In healthy babies, this monosaccharide is metabolized through a series of enzymatic reactions and fulfills its function of being an energy source for your child.

This rare disease, which suffers from one in every 40,000 babies, must be diagnosed as soon as possible because, if it is not treated during the first days of life, it can imply irreversible problems for their health.

Milk contains lactose, a disaccharide formed by the union of a molecule of glucose and another of galactose. In the present case, galactosemia consists of an adverse reaction to galactose, a monosaccharide  which, if not metabolized, produces alert symptoms in the newborn.

People with galactosemia are deficient in three enzymes involved in the metabolism of galactose: uridyl transferase, galactokinase, or epimerase . This deficiency leads to the accumulation of galactose in the blood.

This genetic condition makes the child’s body unable to metabolize galactose due to a pathology that is inherited from both parents, who may or may not have some indication of this problem.

Testing and attending to symptoms will change your life

To know if our baby suffers from galactosemia or not, we must be attentive before and after the birth of our child because, if it is detected in time, you will have nothing to regret.

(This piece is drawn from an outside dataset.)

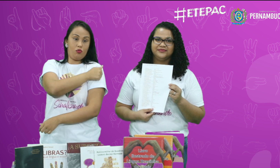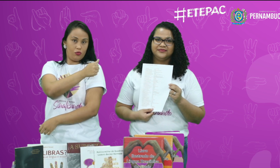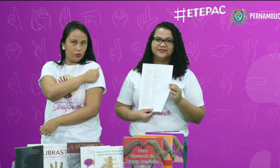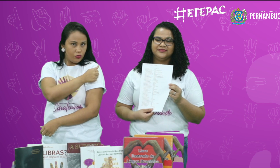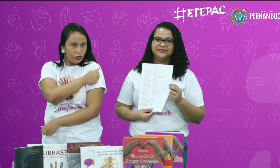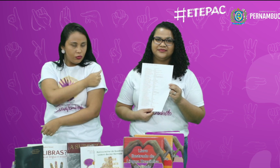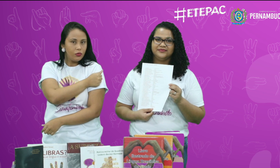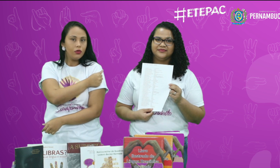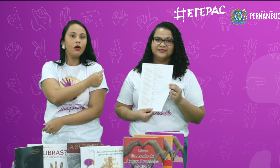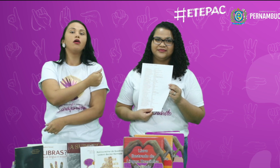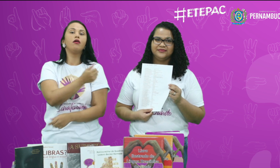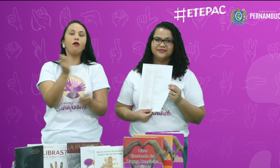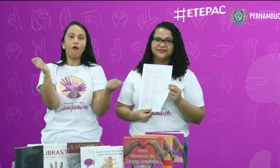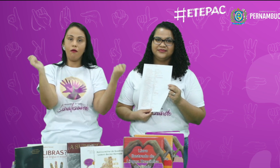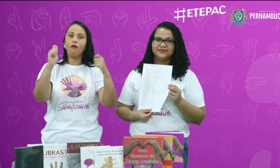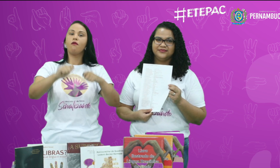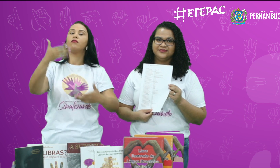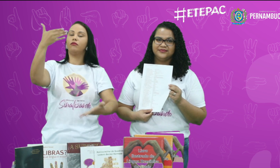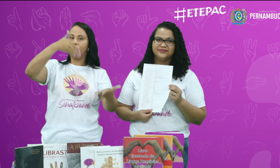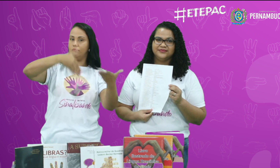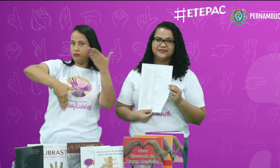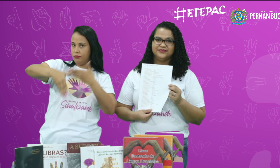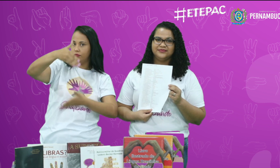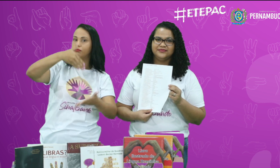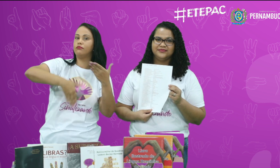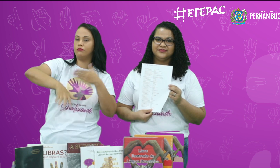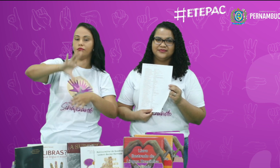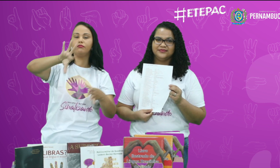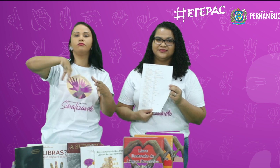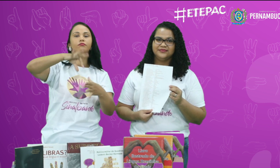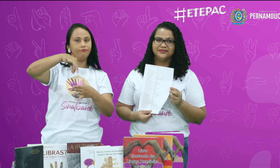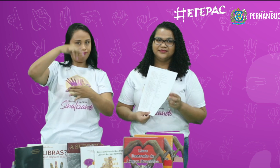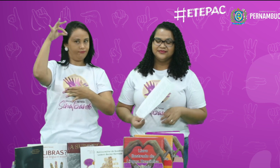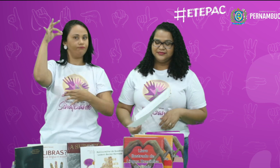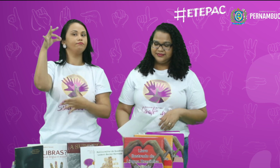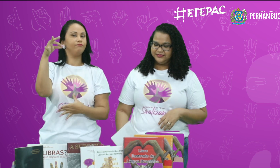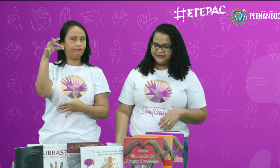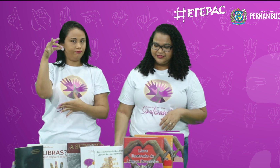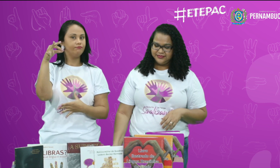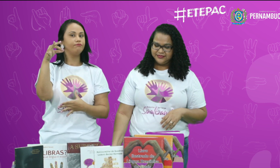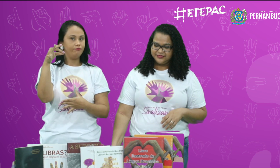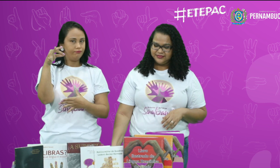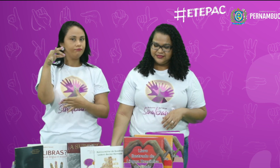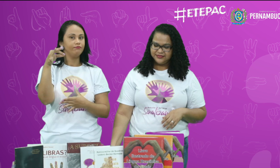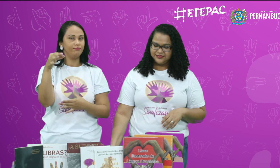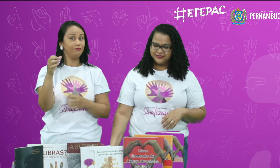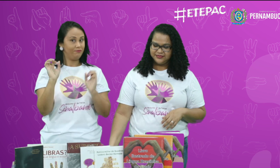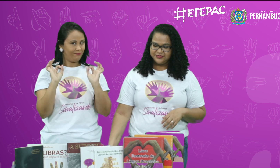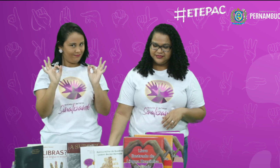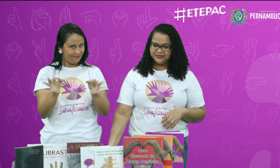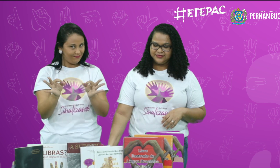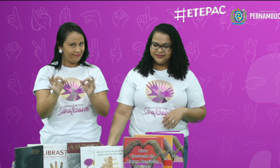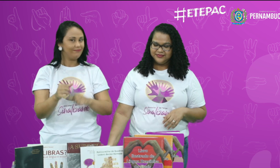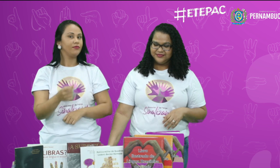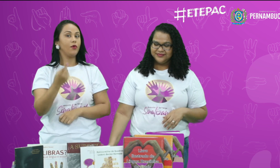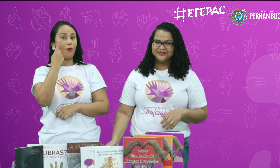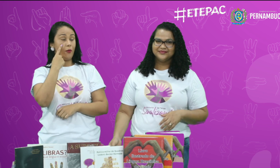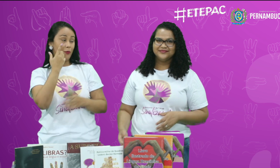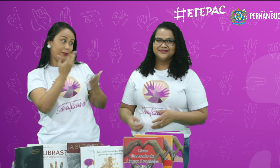registros de alunos que participaram, que vão participar desse sorteio, certo? Então,

• Prenatal tests may be done to check for galactosemia
• At 72 hours of birth, through the “heel prick test”
• Later it is diagnosed by chromatography of sugars in urine after administration of galactose in the diet.
• Warning symptoms are that the baby has convulsions, is irritable, remains lethargic (difficulty waking up), vomits constantly, does not gain weight, refuses to take formula containing milk, and has yellowish skin
• If bleeding occurs and difficulty in stopping the bleeding, in case of injuries, there may be liver failure leading to galactosemia. Severe infections occur  
• Cataracts are common, even in the first weeks of life
• If galactosemia remains undiagnosed, if not fatal, it causes learning problems and language delay

• In adulthood, galactosemia causes hypogonadism (poor genital development), ovarian failure, short stature, tremors, and other neurological disorders.  

Types of galactosemia

In the Genetics and Biochemistry Bulletin of the Institute of Inborn Errors of Metabolism IEIM of the Faculty of Sciences of the Pontificia Universidad Javeriana, dedicated to Galactosemias, Dr. Alberto Hernández Sáenz, pediatrician and pioneer in the diagnosis of this disease in Colombia, explains that “in untreated children, it can be severe, sometimes fatal; its diagnosis is relatively simple and its treatment is very simple and effective ”.

Galactosemia was described for the first time in Colombia by Hernández Sáenz in 1983 : “In a three-month-old patient, in whom it was possible to stop most of the sequelae of the disease. Early detection gives excellent results ”.

As we saw previously, the deficiency of any of the three enzymes involved in the metabolism of galactose leads to the appearance of the disease that can be: Galactosemia due to uridyl transferase or epimerase deficiency that generally leads to starvation, failure in development , vomiting, liver damage and mental retardation.

Meanwhile, galactosemia due to galactokinase deficiency is attenuated and manifests itself mainly in the form of cataracts.

According to Hernández, if galactosemia is suspected, a urine reducing sugar test should be ordered. “In the laboratory, thin-layer chromatography is then performed to identify galactose in urine and, if this is positive, enzymatic analyzes are carried out to define what galactosemia it is.”

The specialist assures that early treatment produces very good results with respect to the intellectual development and personality of the infant.